In his order Tuesday, Wilson also denied motions to dismiss charges against Ray and Farris. He did not elaborate.

In a new motion filed Tuesday, Ray's attorneys, Bill Bristow of Jonesboro and Barrett Moore of Batesville, asked that federal prosecutors be "precluded from injecting race into this case in any form or fashion," including by using any of "a number of stray racist remarks" noted in the case file, including remarks that were "written by inmates themselves, recited by officers when reporting on inmate conduct," or came from others who aren't defendants in this case.

He also asked Wilson to prevent prosecutors from using employee grievance forms against Ray. Bristow said one officer complained in 2013 about Ray's "stray gender comments and a few casual interactions between them," and another officer complained about a comment Ray made to her in 2014.

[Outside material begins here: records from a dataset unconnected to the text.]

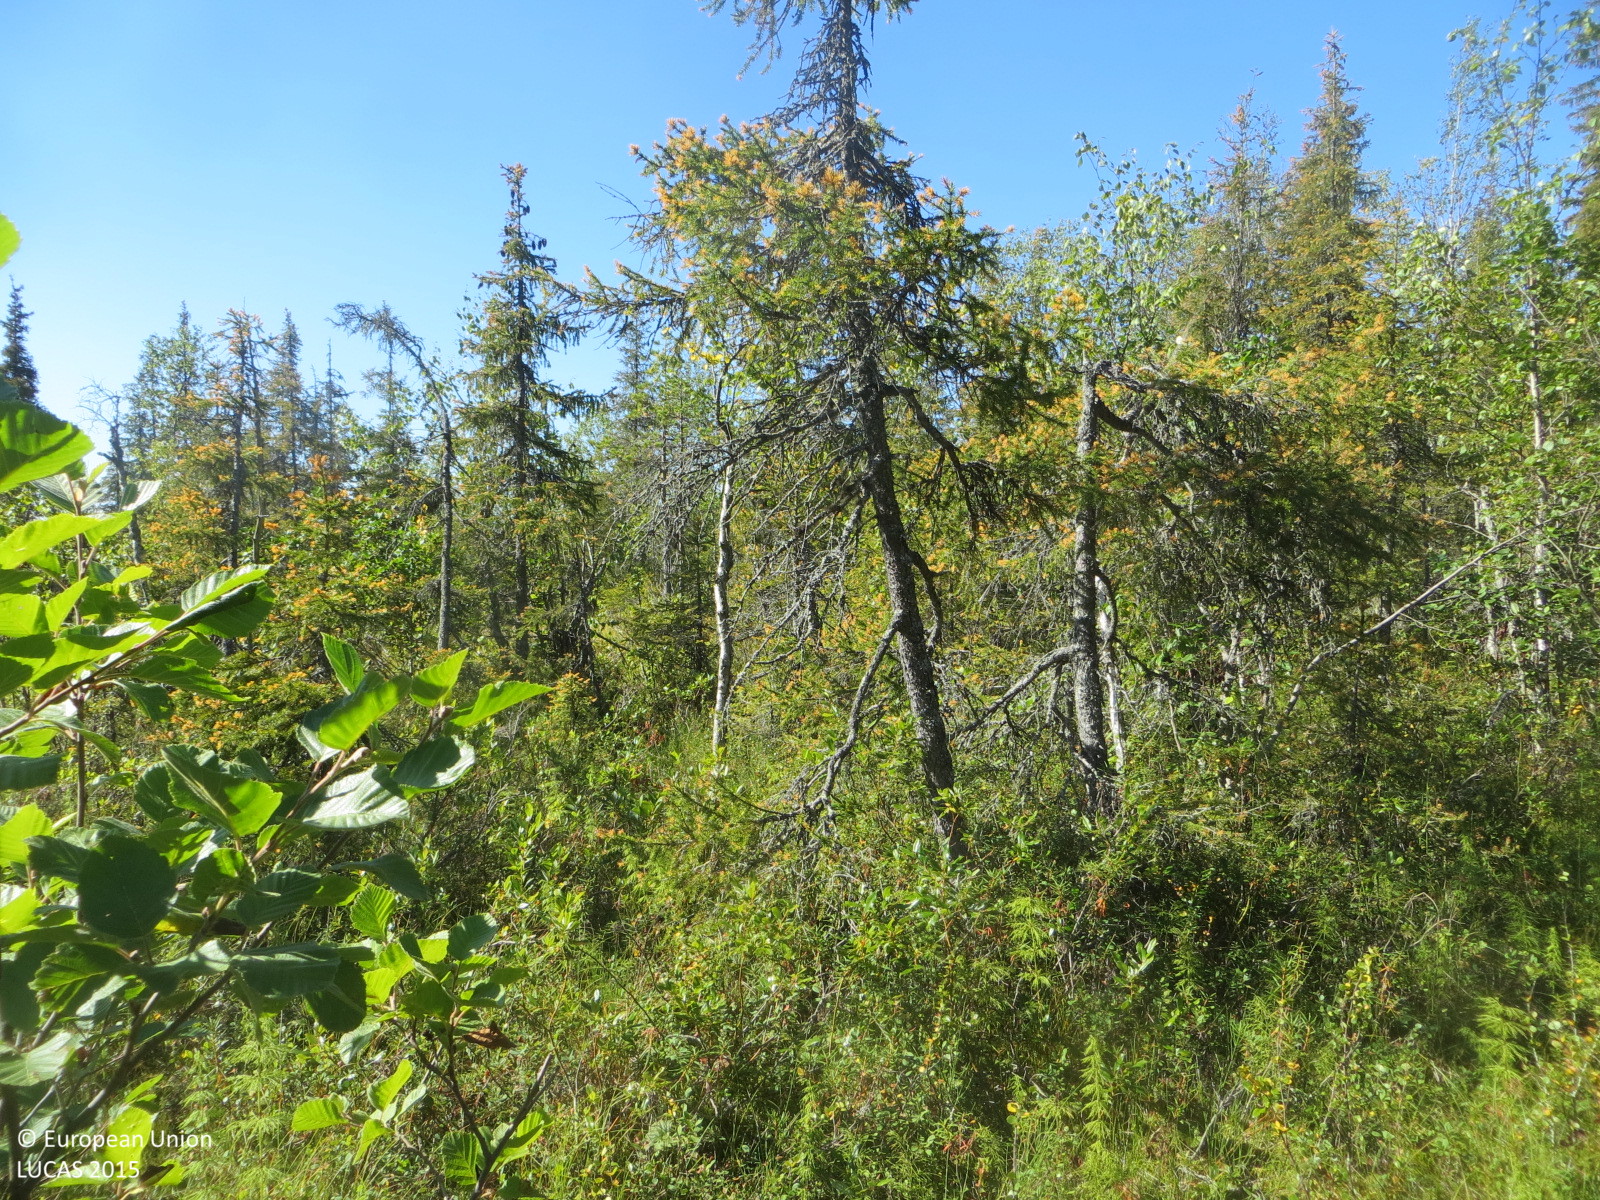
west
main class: Woodland
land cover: Spruce dominated mixed woodland
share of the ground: 50 - 75 %
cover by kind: shrubs 50 %, coniferous forest trees 25 %, broadleaved forest trees 25 %
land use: Forestry
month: August
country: FI
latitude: 67.1733
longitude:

Bristow also cited other "stray gender references," including a third female officer's claims that she and Ray had "an interaction in a freezer," and another person's suggestion that Ray flirted with certain inmates. Both are irrelevant, he said.

Similarly, Bristow objected to prosecutors introducing testimony about the quality of the food at the facility, forced inmate haircuts, references to sexual contact among inmates, references to temperature complaints and references to crowding, among other things.